Philosophy of mind is gifted with several well-known thought experiments, which might serve as a further introduction to the problem space. Take these as intuition pumps, not as proofs of their conclusions.
Inverted spectrum: Is it logically possible to imagine an exact physical clone of myself who has an inverted experience of color (experience a phenomenon, or quale, of green, rather than red)? If yes, then our experience of consciousness is logically distinct from the neurophysiological perception of stimuli.
Philosophical zombies. Can we imagine an exact physical clone of ourselves that does not have conscious experience? A version of myself that is entirely mechanical, with no phenomenological experience. If yes, consciousness is logically distinct from the brain.
Mary’s room: Suppose a brilliant color theorist spends her entire life in a black-and-white room. She knows all one can about color within a black-and-white room. When she steps outside, and sees the blue of the sky, does she learn something new? If yes, then there is something about our conscious experience of the world distinct from our physical being.

Of these thought experiments, the inverted spectrum is the one I find most cogent. The colors red and green are chosen because it naively seems they may be inverted without breaking any laws of color theory. It does not mean that red and green actually can be inverted, or that our experience of color actually does differ. It merely highlights a fundamental uncertainty as to the equivalence of phenomenal experience, and doubts such a question could be solved by recourse to the known physical world.
Let’s review the Wikipedia definition of qualia.
In philosophy of mind, qualia (singular: quale) are defined as instances of subjective, conscious experience. […] Examples of qualia include the perceived sensation of pain of a headache, the taste of wine, and the redness of an evening sky.
That’s a good start! But it doesn’t drive toward the important qualification of whether a conscious experience is anything special beyond biological reactions. Can we locate qualia somewhere in our neurophysiology? Are qualia a property of neurophysiology, i.e. some unknown aspect of neural activity? Or are qualia distinct entities caused by neural activity, even a distinct substance with an unknown physical substrate? These are all questions about the ontological status of qualia.
Another angle for investigating qualia is to ask about their causality. Here, I might ask whether our minds are closer to electric kettles or steam engines. Is phenomenal consciousness a side-effect of neurophysiology (the steam boiled off by heat), or somehow essential to the propulsion of the human mind (the steam driving the engine)?1 When we say we are “self-aware,” do we mean we are aware of our qualia, or simply that our neurophysiology can introspect into itself, and qualia remain an outcome outside the causal chain of introspection?

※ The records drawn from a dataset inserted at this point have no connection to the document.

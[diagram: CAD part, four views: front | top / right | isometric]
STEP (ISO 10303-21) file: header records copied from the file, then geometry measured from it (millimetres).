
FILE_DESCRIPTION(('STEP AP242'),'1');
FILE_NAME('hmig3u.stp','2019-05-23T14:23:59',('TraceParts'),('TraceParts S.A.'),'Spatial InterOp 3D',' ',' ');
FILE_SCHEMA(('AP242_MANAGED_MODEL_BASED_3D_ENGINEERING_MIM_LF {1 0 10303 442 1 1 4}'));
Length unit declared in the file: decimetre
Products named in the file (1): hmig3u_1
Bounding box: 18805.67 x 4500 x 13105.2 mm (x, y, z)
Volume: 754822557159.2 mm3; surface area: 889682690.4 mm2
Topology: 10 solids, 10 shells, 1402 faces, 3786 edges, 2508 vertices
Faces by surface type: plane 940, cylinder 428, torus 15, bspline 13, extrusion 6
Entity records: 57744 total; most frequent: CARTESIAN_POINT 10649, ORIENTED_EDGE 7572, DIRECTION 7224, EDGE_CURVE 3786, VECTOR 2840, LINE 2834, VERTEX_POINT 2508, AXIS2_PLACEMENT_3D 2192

Decisions as to the ontological and causal status of qualia are at least partially determinative of the available explanations for phenomenal consciousness. As a thought experiment, I created a matrix across the two dimensions of ontological and causal status of qualia, and then assessed my own credence for each. This is a subjective exercise meant to showcase my own “best guess” on the available evidence. In practice, theories exist along a spectrum, with different tolerances for the possibility of properties vs entities, and different interpretations of physical vs natural vs non-natural states (not included as a dimension here).

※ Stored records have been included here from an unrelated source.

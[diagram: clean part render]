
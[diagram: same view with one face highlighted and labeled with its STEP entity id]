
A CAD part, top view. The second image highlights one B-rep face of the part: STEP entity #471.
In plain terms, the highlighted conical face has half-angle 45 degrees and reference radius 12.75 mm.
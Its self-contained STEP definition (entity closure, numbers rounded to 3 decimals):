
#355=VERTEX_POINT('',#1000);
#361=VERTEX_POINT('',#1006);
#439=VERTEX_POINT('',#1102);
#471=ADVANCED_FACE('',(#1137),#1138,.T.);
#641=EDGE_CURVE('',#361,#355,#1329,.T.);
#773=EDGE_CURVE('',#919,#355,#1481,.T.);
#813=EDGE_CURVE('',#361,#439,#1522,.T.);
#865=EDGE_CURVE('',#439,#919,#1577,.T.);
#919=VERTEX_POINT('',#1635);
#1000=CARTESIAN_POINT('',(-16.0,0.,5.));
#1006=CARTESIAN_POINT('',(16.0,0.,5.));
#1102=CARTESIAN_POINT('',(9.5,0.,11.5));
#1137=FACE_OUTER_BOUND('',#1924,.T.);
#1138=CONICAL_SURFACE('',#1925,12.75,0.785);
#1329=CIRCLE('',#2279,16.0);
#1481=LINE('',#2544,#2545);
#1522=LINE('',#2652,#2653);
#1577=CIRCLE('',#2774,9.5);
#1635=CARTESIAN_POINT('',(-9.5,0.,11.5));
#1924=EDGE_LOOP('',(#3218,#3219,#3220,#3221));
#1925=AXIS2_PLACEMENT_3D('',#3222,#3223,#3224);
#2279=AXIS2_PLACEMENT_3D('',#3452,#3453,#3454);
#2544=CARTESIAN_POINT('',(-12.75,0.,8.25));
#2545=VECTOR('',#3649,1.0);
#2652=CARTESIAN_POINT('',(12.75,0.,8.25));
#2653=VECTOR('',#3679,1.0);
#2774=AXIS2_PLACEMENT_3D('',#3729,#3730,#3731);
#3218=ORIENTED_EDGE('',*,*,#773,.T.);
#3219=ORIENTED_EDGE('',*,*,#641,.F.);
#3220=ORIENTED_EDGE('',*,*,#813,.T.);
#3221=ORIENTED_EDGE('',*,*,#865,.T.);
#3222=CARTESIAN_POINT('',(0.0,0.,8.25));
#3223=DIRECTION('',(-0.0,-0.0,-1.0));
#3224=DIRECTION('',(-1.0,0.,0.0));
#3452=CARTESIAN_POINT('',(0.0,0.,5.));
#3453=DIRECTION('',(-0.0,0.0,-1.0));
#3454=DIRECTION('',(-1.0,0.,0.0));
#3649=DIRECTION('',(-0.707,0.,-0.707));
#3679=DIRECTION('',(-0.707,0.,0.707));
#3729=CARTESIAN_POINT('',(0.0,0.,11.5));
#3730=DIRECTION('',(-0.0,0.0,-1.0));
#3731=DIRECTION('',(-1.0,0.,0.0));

I accept my subjective experience of consciousness as valid, so I am very skeptical of the idea that qualia are an illusion, i.e. do not exist (left column). If qualia are an illusion, they must be epiphenomenal, meaning they have no causal impact on neurophysiology (the unreal cannot affect the real). I’d associate this box with eliminative materialism or illusionism. Some versions of functionalism would also fit here.
I accept neurophysiology as the cause for perception and cognition, so I find it very unlikely that consciousness or qualia are the independent causal origin of cognition and perception (top row). I am unsure how to qualify this row as anything other than panpsychism / idealism / mysticism.
If qualia are a property of neurophysiology (i.e., some as yet unknown aspect of neurophysiology), then I find it much more likely that they are efficacious. Note that I would say qualia are almost certainly not a property of neurophysiology per se, but perhaps a fundamental property of physics or nature (like a new fundamental force). Below, I proposed biological naturalism as the representative theory, but I think you can explode this box to fit several contemporary theories of consciousness. Thomas Nagel probably fits here, as does Searle. I could buy an argument for placing Chalmers here as well.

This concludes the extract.